The City of Nanaimo responded to increased clean-up duties by budgeting for a social disorder response team in 2020.

The crew started as a pilot project in November 2019 and at a meeting in late May, city council approved $187,000 to fund 80 hours of cleanup each week.

Charlotte Davis, the city’s manager of custodial services, said the social disorder response team relieves strain from bylaw services.

“With this particular type of social disorder they were tasked with removing detritus from our streets and parks,” she said. “That was something that was taking away from their other duties.”

A staff report notes that bylaw services spend the “majority of their time” on the issue. According to the report, bylaw officers collected 404 shopping carts off the streets in 2019, and another 225 were collected in the first four months of 2020.

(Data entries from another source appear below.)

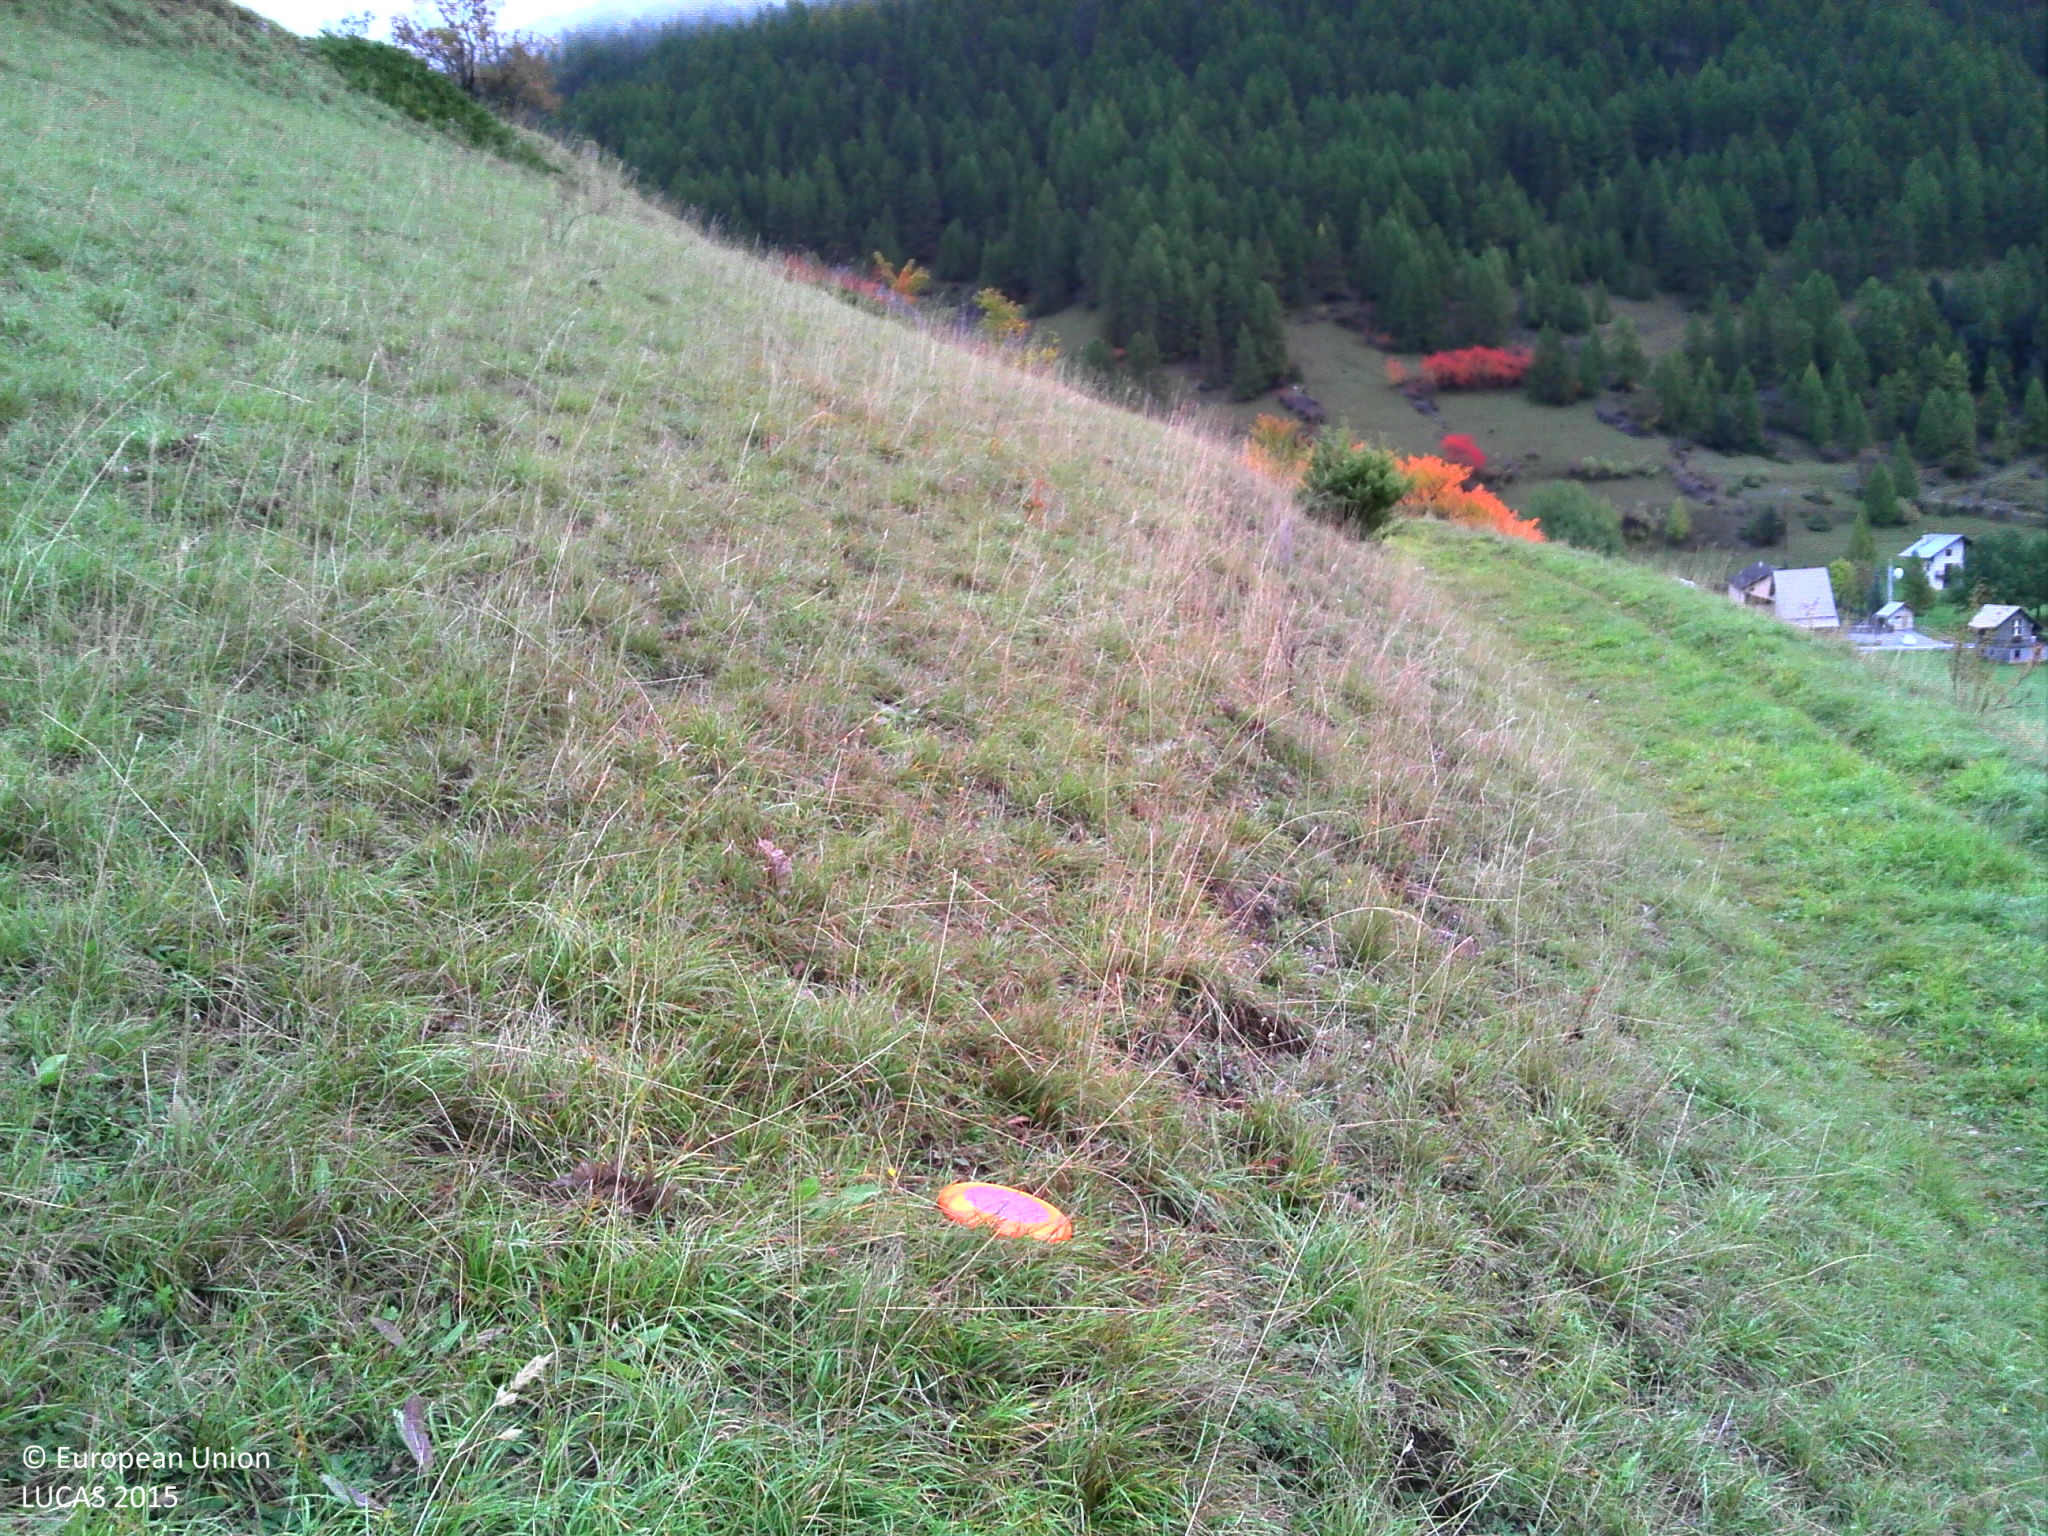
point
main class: Grassland
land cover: Grassland without tree/shrub cover
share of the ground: > 75 %
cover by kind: herbaceous plants 90 %, shrubs 5 %, consolidated bare surface 5 %
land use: Agriculture (excluding fallow land and kitchen gardens)
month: October
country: FR
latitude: 44.7684
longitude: 6.7332

“The issue of hoarding materials is seen across the whole city,” Davis said. “It’s in parks where we have encampments and abandoned materials, it’s in streets where we have the shopping carts that are abandoned as well.”

The team cleans up waste, removes graffiti, picks up litter, and collects and disposes of needles, the report says. Davis said the items being “cleaned up” aren’t people’s possessions, but rather things left behind after bylaw officers ask people experiencing homelessness to move a camp. Twelve “hot spot areas” receive proactive cleanup: Bowen Park’s upper and lower picnic shelters, Harbourfront Walkway, Anchor Way, Diana Krall Plaza, the Vancouver Island Military Museum, the Italian fountain, Esplanade gardens, Nob Hill Park, Nanaimo City Hall bluffs, Pioneer Square Park, the Bastion Bridge and Comox Park.

Davis said the city’s sanitation department is best equipped to handle the work, but the staff report noted that the resources required – two staff members and a vehicle – were coming from the sanitation budget which was “unsustainable.”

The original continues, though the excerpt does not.